==== DATA FOR PROCESSING ====

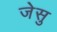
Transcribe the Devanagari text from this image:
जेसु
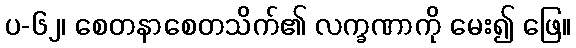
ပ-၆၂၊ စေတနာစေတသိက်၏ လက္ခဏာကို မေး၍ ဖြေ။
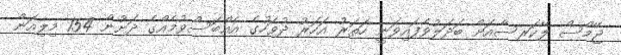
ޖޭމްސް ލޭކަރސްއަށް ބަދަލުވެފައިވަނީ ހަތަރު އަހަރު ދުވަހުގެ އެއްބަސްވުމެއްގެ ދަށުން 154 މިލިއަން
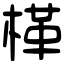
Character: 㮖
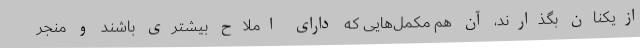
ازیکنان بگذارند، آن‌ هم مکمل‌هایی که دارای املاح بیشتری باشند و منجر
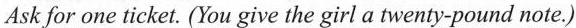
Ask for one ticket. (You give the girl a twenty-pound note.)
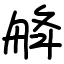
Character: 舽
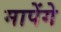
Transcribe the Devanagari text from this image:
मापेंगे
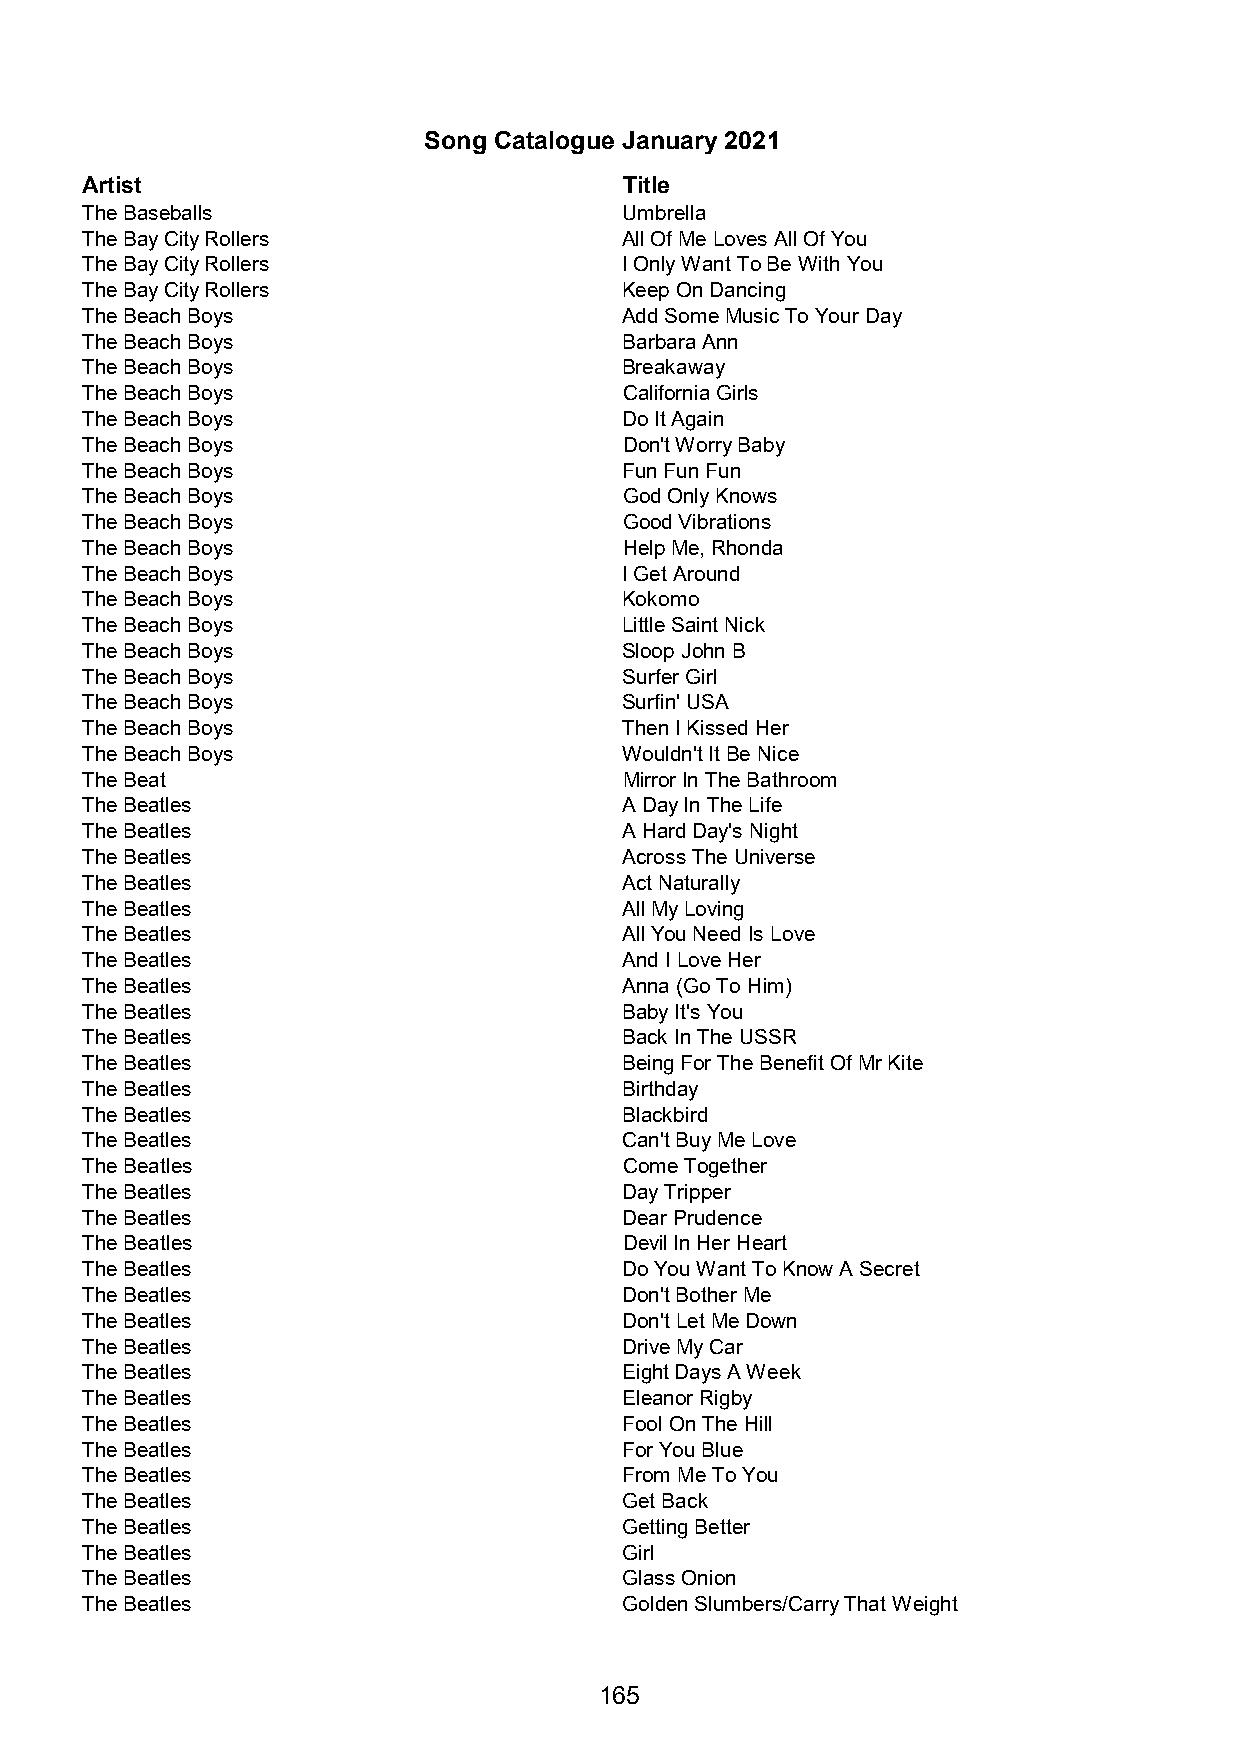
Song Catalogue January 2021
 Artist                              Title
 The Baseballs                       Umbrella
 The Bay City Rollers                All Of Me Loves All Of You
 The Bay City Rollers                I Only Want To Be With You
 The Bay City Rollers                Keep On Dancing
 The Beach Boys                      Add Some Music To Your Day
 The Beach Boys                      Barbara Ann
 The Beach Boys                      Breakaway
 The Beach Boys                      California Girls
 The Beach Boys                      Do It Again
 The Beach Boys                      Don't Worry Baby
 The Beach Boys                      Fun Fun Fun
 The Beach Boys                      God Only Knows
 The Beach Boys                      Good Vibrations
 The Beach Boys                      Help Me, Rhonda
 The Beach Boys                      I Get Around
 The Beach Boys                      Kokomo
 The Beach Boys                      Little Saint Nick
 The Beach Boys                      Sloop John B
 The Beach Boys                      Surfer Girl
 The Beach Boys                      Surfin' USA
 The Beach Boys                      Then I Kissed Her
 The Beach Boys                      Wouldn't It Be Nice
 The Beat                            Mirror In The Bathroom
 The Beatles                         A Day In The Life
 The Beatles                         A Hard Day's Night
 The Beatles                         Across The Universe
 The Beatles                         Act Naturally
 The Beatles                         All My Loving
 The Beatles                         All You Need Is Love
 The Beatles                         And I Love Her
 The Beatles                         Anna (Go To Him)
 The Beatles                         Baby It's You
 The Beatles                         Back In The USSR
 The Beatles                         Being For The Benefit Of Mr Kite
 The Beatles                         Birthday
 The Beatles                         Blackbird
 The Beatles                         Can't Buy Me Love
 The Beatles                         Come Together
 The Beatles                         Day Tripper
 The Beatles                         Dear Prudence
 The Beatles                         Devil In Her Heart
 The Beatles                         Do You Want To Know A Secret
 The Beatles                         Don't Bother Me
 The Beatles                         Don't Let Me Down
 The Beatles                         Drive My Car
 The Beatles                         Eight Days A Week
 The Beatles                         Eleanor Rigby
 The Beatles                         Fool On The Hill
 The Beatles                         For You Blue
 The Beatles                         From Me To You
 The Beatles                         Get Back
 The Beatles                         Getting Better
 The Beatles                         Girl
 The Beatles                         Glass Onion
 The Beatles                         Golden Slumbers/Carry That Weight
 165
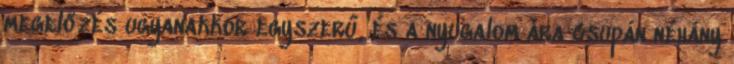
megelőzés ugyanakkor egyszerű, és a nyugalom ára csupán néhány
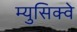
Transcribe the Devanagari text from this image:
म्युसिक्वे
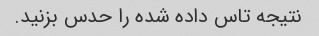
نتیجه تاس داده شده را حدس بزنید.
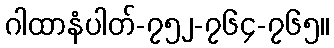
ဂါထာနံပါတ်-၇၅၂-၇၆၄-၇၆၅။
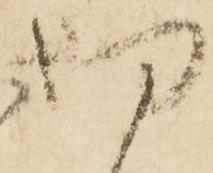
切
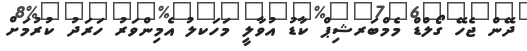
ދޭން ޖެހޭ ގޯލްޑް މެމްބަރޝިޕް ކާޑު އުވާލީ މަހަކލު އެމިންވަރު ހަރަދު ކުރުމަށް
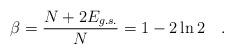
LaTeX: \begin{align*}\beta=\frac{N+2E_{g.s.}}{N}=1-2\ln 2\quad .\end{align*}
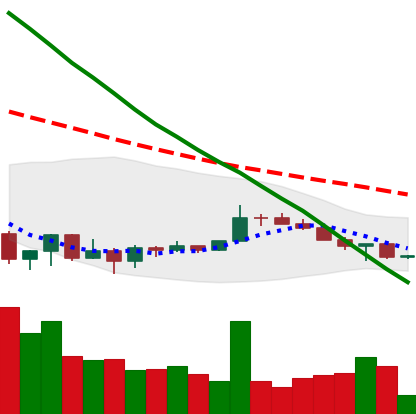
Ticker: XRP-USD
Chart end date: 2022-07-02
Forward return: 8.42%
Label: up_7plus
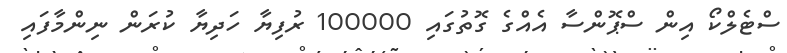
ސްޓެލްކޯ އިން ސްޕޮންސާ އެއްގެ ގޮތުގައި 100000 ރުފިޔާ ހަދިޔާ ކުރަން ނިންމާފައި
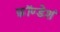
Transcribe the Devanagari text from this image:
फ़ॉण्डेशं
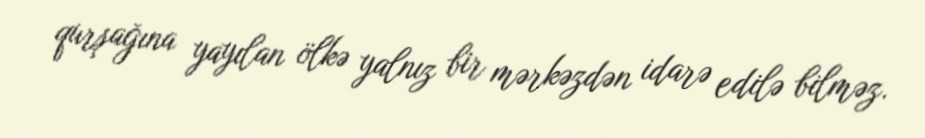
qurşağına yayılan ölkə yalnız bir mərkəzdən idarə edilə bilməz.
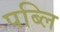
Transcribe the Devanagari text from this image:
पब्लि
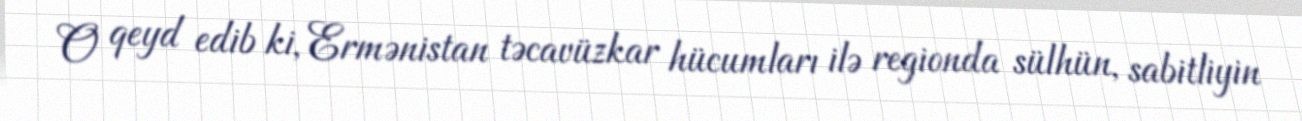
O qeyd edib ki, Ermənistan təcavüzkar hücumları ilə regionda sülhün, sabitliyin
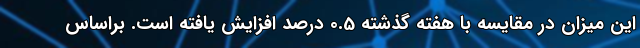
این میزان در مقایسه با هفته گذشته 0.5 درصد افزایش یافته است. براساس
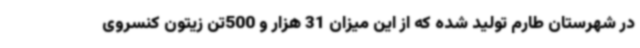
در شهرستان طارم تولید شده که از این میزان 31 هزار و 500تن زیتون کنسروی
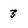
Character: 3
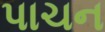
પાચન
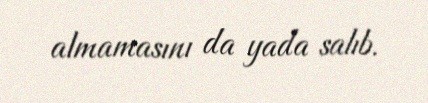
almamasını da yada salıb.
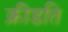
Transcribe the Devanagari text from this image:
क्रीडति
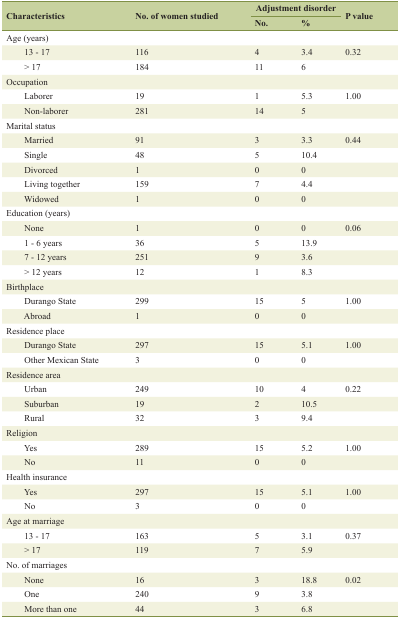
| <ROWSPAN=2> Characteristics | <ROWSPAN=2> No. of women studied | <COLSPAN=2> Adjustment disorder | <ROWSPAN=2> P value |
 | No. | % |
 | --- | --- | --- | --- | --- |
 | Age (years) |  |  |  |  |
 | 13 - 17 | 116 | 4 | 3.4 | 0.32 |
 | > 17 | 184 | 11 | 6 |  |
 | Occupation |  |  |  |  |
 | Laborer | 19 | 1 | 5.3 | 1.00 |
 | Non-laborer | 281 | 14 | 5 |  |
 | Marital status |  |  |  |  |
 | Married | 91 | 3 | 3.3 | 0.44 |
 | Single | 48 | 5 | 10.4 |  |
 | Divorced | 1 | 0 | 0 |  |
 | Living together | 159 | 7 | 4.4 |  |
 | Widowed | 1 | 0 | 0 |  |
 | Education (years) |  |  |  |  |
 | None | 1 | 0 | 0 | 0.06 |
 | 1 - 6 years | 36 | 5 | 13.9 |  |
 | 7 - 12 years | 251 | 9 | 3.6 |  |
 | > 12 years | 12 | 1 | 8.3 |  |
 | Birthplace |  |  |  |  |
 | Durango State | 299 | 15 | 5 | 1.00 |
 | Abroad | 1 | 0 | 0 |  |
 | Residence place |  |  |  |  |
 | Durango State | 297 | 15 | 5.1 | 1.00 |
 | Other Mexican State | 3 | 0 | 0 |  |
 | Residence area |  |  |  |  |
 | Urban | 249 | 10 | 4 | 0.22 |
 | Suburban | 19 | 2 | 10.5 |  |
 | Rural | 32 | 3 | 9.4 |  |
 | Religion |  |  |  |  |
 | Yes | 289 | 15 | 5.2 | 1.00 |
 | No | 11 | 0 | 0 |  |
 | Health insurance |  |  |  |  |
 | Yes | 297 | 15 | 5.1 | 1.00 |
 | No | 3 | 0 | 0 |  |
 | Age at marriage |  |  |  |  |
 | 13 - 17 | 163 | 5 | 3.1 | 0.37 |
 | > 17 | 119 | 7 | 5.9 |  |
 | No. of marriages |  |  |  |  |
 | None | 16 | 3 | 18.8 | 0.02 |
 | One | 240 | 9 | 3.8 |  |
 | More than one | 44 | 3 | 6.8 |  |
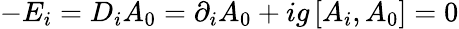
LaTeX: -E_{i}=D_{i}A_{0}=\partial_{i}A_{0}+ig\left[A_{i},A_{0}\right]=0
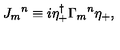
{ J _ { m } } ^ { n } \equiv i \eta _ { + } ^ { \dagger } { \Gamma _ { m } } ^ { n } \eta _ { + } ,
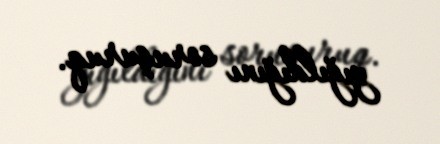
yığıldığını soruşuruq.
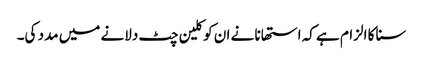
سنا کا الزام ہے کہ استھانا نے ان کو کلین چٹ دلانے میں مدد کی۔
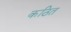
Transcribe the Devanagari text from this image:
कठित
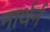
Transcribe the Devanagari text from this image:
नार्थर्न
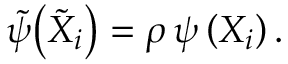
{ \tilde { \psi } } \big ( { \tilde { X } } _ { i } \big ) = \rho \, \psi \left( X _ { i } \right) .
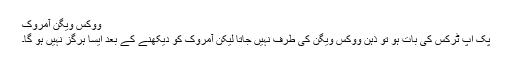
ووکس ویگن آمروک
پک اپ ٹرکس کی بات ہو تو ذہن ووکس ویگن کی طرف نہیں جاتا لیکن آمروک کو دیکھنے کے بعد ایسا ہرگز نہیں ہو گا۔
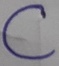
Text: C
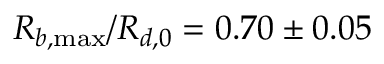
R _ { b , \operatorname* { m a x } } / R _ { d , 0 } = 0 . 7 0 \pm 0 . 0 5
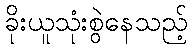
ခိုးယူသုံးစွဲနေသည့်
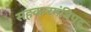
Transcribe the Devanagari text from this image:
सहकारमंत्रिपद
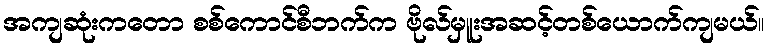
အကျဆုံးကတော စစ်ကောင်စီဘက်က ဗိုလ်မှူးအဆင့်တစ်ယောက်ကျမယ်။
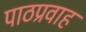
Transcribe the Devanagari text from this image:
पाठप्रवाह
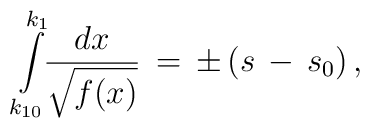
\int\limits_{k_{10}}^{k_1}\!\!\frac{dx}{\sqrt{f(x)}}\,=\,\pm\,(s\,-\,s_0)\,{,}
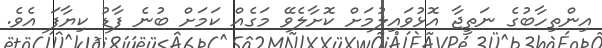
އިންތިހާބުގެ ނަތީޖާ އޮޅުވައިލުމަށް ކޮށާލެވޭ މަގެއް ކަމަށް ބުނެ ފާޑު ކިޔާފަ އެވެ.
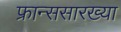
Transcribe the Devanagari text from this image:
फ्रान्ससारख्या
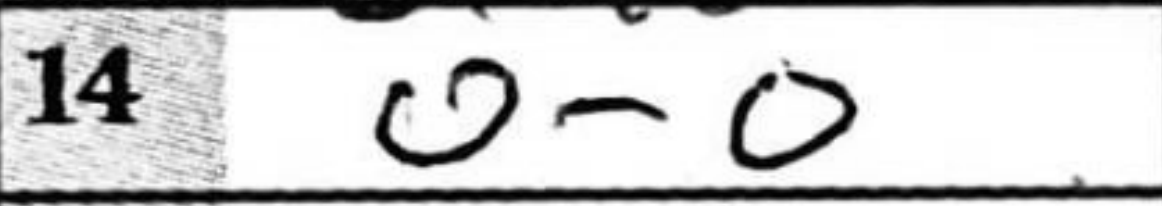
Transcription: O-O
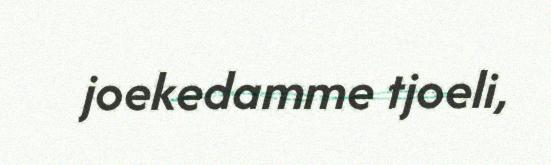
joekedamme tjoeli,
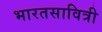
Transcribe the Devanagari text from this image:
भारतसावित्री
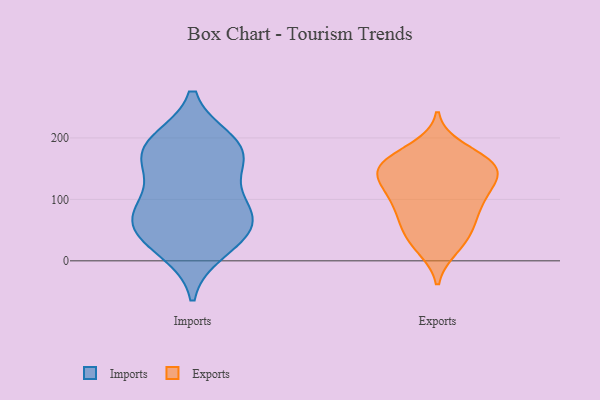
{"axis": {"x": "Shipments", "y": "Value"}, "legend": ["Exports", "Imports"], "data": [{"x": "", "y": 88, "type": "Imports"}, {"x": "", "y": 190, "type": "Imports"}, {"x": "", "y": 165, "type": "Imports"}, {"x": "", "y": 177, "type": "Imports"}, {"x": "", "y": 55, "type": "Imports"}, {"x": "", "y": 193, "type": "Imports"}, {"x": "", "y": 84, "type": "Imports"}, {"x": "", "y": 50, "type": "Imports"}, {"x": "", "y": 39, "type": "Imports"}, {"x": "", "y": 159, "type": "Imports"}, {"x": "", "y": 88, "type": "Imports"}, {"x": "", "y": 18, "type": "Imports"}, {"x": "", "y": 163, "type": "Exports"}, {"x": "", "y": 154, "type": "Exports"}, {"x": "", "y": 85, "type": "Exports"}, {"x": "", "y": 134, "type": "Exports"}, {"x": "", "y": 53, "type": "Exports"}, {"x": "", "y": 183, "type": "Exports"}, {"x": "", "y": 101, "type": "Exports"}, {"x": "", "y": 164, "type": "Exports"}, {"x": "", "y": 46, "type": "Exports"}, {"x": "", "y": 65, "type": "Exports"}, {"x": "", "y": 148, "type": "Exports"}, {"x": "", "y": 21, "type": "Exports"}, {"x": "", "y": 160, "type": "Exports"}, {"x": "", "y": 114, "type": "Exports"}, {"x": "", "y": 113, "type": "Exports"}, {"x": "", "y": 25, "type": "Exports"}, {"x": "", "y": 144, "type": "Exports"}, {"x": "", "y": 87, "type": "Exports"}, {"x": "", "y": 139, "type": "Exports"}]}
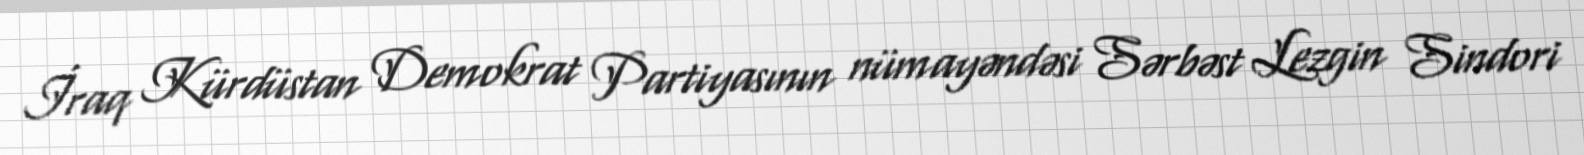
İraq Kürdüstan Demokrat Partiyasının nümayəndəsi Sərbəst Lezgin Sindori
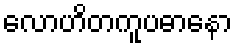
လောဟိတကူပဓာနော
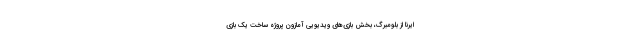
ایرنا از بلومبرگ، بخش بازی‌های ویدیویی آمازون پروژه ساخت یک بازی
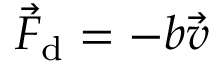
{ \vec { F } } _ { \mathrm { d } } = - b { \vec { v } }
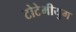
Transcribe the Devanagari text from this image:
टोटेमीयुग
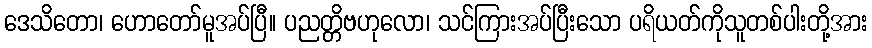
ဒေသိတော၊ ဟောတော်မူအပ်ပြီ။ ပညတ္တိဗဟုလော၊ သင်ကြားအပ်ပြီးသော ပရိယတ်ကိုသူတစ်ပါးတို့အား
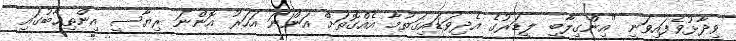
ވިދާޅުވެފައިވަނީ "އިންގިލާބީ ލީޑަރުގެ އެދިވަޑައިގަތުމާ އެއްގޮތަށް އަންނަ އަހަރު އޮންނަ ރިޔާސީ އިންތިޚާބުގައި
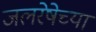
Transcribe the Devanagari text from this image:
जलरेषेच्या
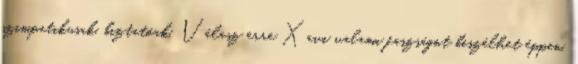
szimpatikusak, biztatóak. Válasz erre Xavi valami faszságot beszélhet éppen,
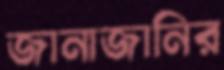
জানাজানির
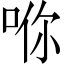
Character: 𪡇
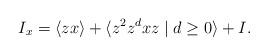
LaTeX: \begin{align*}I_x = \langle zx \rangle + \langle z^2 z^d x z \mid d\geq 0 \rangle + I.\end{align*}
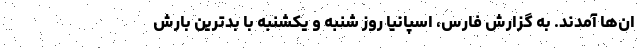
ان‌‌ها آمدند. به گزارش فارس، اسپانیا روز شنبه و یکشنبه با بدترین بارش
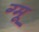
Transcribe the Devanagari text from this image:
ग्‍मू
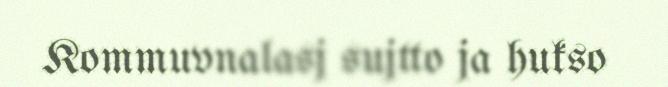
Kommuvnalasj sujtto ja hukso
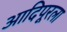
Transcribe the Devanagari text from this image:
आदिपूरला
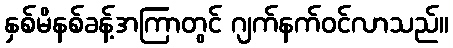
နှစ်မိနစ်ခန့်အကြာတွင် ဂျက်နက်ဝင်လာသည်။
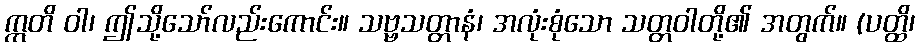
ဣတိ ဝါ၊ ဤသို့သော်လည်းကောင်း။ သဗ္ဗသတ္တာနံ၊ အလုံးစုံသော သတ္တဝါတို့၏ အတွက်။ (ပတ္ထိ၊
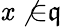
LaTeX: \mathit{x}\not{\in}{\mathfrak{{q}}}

====

→ DIRECTIONS FOR THIS TASK:
Lines from the entries that contain the word "City" are what the answer must hold.

→ ANSWER TO THIS EXERCISE:
 The Bay City Rollers                All Of Me Loves All Of You
 The Bay City Rollers                I Only Want To Be With You
 The Bay City Rollers                Keep On Dancing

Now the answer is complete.